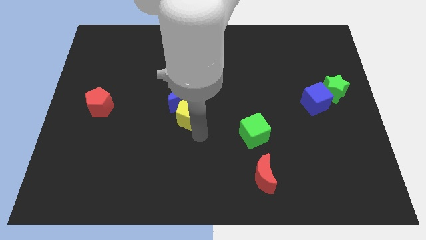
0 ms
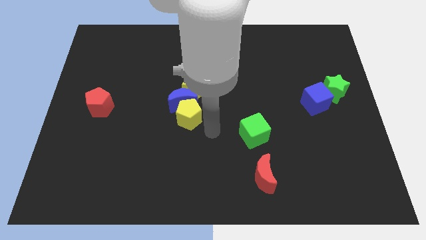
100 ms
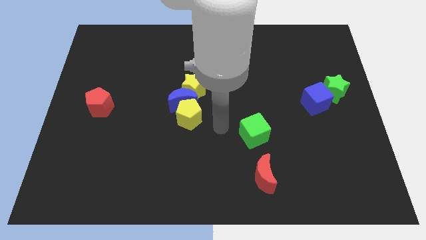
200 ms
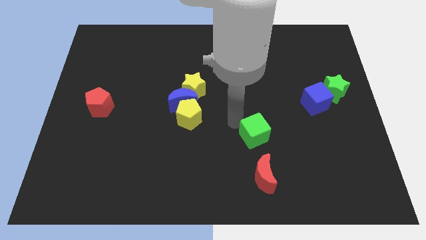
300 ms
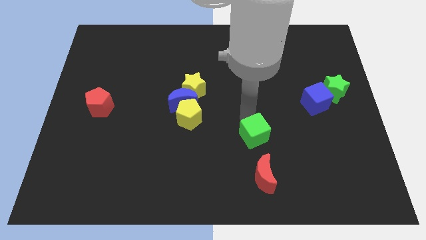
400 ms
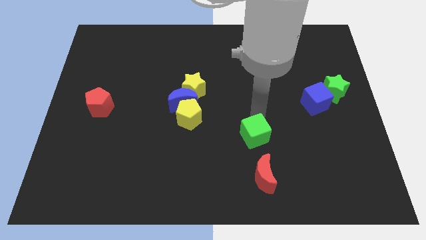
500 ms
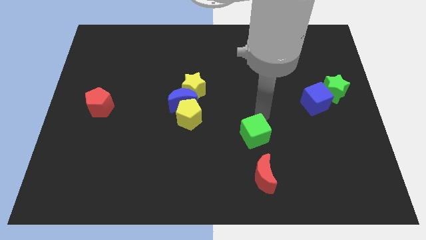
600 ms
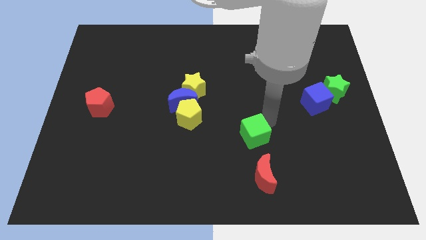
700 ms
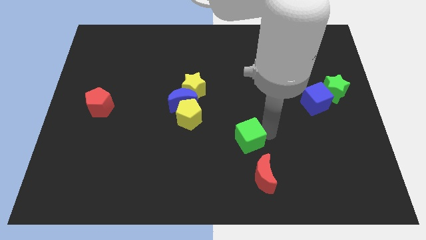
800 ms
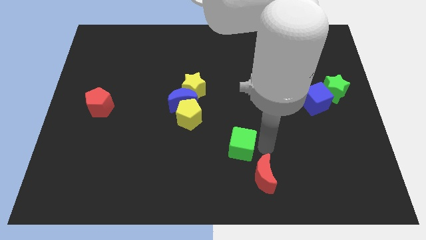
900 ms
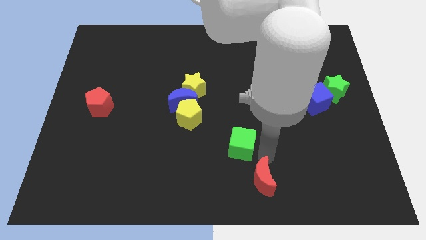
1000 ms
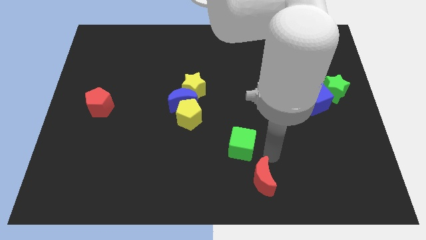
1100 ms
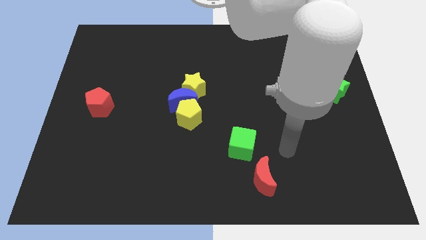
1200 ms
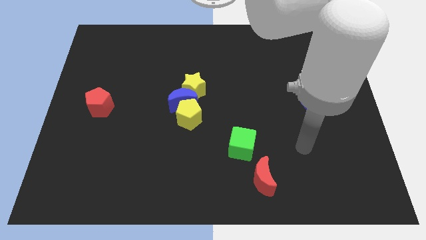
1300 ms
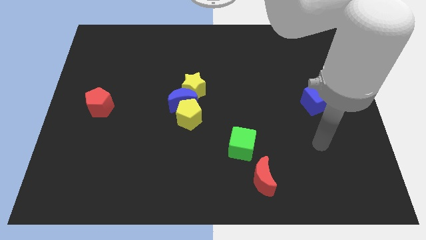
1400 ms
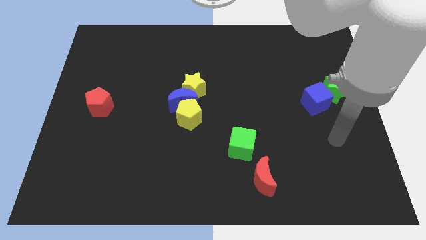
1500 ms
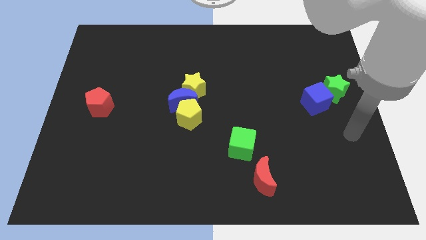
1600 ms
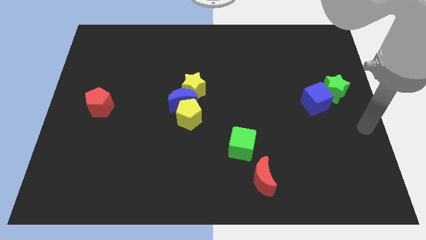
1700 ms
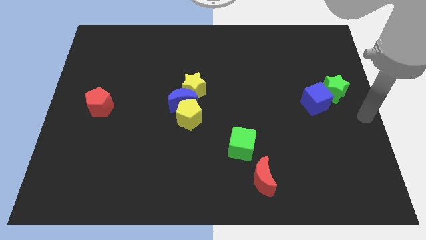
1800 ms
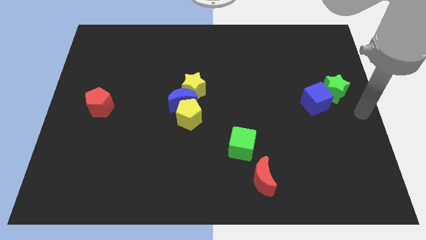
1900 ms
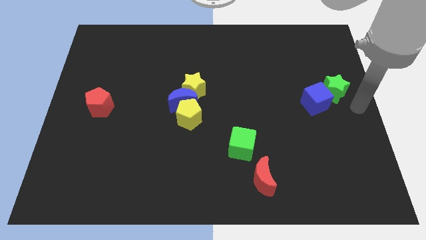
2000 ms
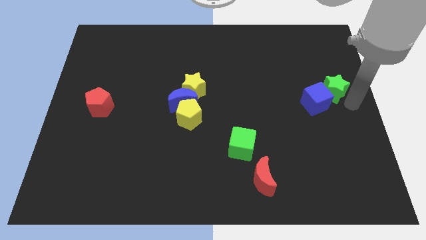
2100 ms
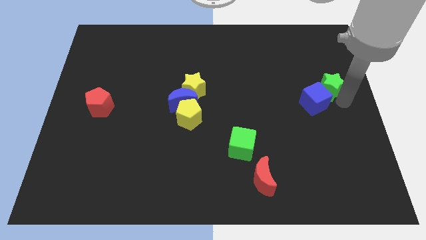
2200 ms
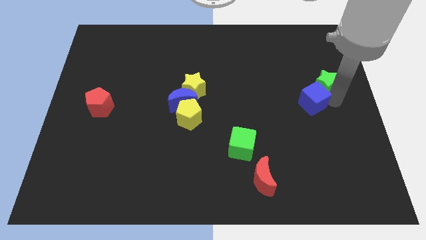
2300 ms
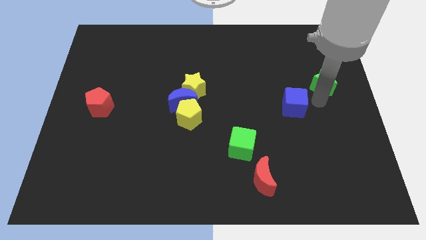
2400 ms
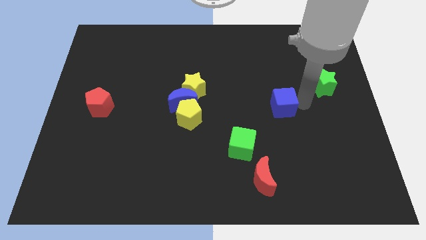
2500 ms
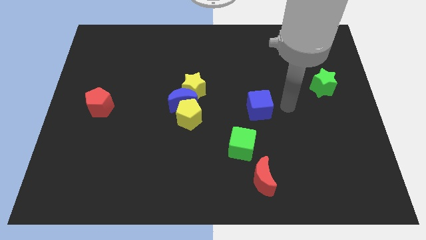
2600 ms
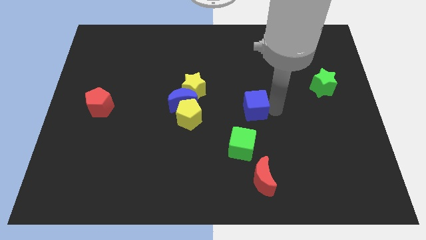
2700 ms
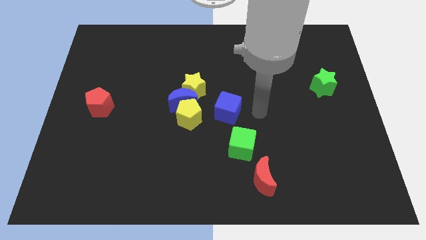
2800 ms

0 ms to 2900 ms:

══════

_To do_.
The records above should be output exactly, but without any of their pictures.

_Response box_.
0 ms
100 ms
200 ms
300 ms
400 ms
500 ms
600 ms
700 ms
800 ms
900 ms
1000 ms
1100 ms
1200 ms
1300 ms
1400 ms
1500 ms
1600 ms
1700 ms
1800 ms
1900 ms
2000 ms
2100 ms
2200 ms
2300 ms
2400 ms
2500 ms
2600 ms
2700 ms
2800 ms

0 ms to 2900 ms:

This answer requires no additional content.